When I first encountered R, I learned to use the levels() function to find the possible values of a categorical variable.  However, I recently noticed something very strange about this function.

Consider the built-in data set “iris” and its character variable “Species”.  Here are the possible values of “Species”, as shown by the levels() function.

> levels(iris$Species)

[1] "setosa" "versicolor" "virginica"

Now, let’s remove all rows containing “setosa”.  I will use the table() function to confirm that no rows contain “setosa”, and then I will apply the levels() function to “Species” again.

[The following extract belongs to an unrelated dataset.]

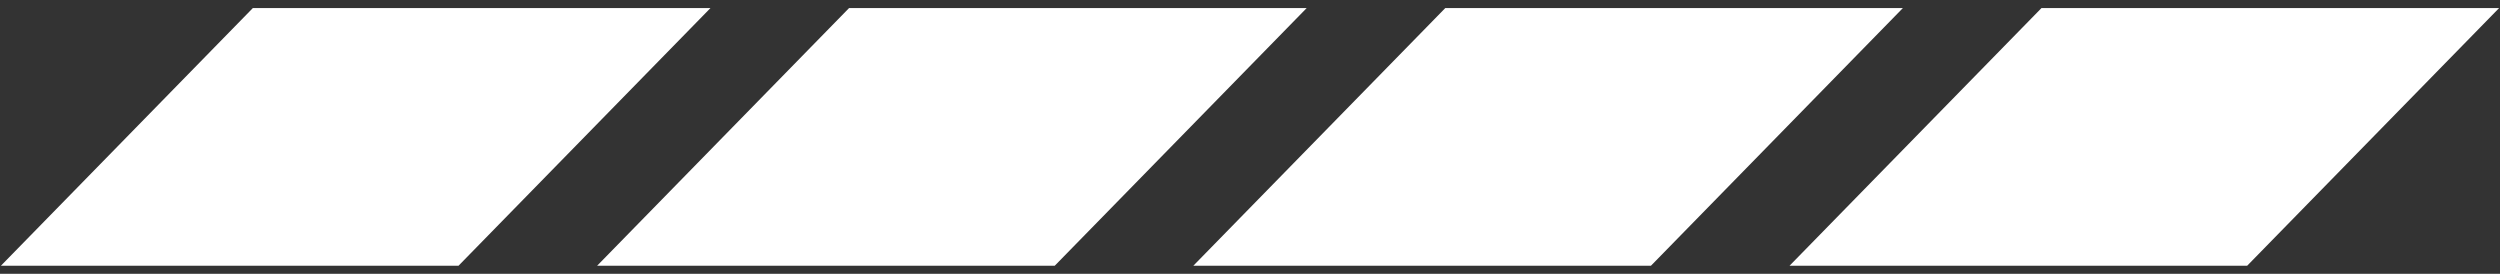 <svg xmlns="http://www.w3.org/2000/svg" width="210" height="23" viewBox="0 0 210 23" fill="none"><rect x="0" y="0" width="210" height="23" fill="#333333" stroke="none"/><path d="M188.759 22.324H150.319L171.486 0.676H209.926L188.759 22.324Z" fill="white"></path><path d="M138.677 22.324H100.237L121.405 0.676H159.844L138.677 22.324Z" fill="white"></path><path d="M88.596 22.324H50.156L71.323 0.676H109.763L88.596 22.324Z" fill="white"></path><path d="M38.513 22.324H0.074L21.241 0.676H59.681L38.513 22.324Z" fill="white"></path></svg>

> iris2 = subset(iris, Species != 'setosa')
> table(iris2$Species)

    setosa versicolor virginica 
         0         50        50 

> levels(iris2$Species)

[1] "setosa" "versicolor" "virginica"

The new data set “iris2” does not have any rows containing “setosa” as a possible value of “Species”, yet the levels() function still shows “setosa” in its output.

According to the user G5W in Stack Overflow, this is a desirable behaviour for the levels() function.  Here is my interpretation of the intent behind the creators of base R: The possible values of a character variable are fundamental attributes of that variable, which should not be altered because of changes in the data.

Obviously, this can cause a lot of confusion and produce wrong information, so here is my solution: From now on, I will use the unique() function to find the possible values of a character variable.  Here is the result.

> unique(iris2$Species)

[1] versicolor virginica 
Levels: setosa versicolor virginica


This is the output that I expect; “setosa” does not appear in the resulting vector.  However, unique() stills hows the original levels, which include “setosa” – that’s a nice feature.


I thank my colleagues Layne Newhouse, Jack Davis, and Dmity Shopin for their valuable discussion about this on LinkedIn.